» **WORK ORDER**
Each entry should be given again exactly, with any image left out.

DATA EXCERPTS Block Start

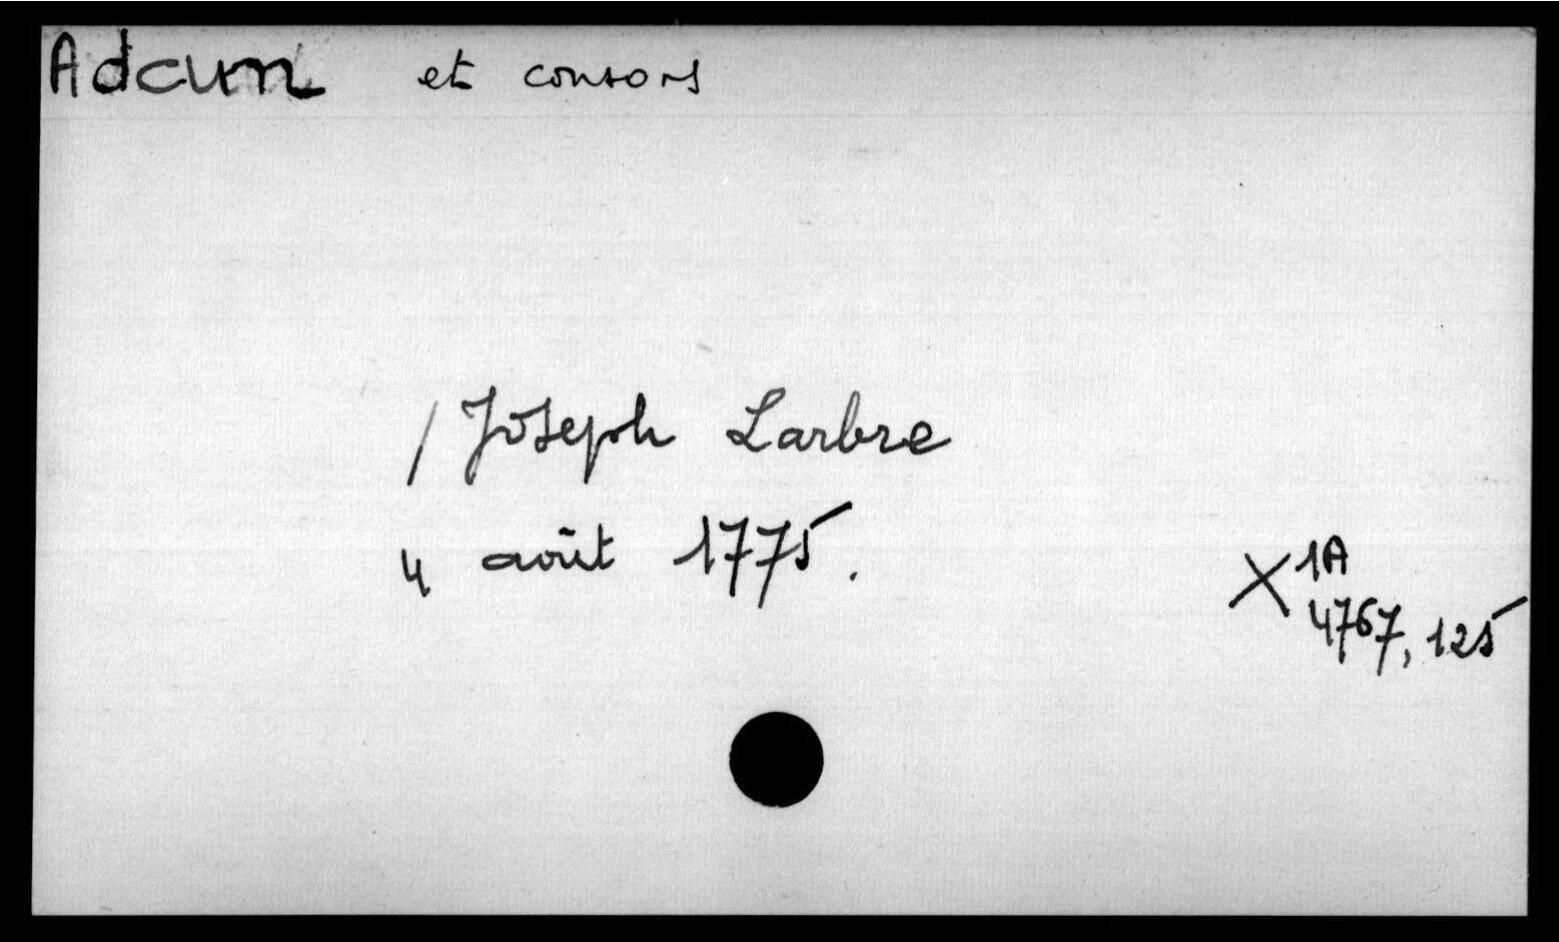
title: ADAM et consors
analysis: Contre Joseph Larbre
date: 4 août 1775
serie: X1A
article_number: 4767
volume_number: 125

DATA EXCERPTS Block End

» **OUTPUT FOR THIS EXERCISE**
title: ADAM et consors
analysis: Contre Joseph Larbre
date: 4 août 1775
serie: X1A
article_number: 4767
volume_number: 125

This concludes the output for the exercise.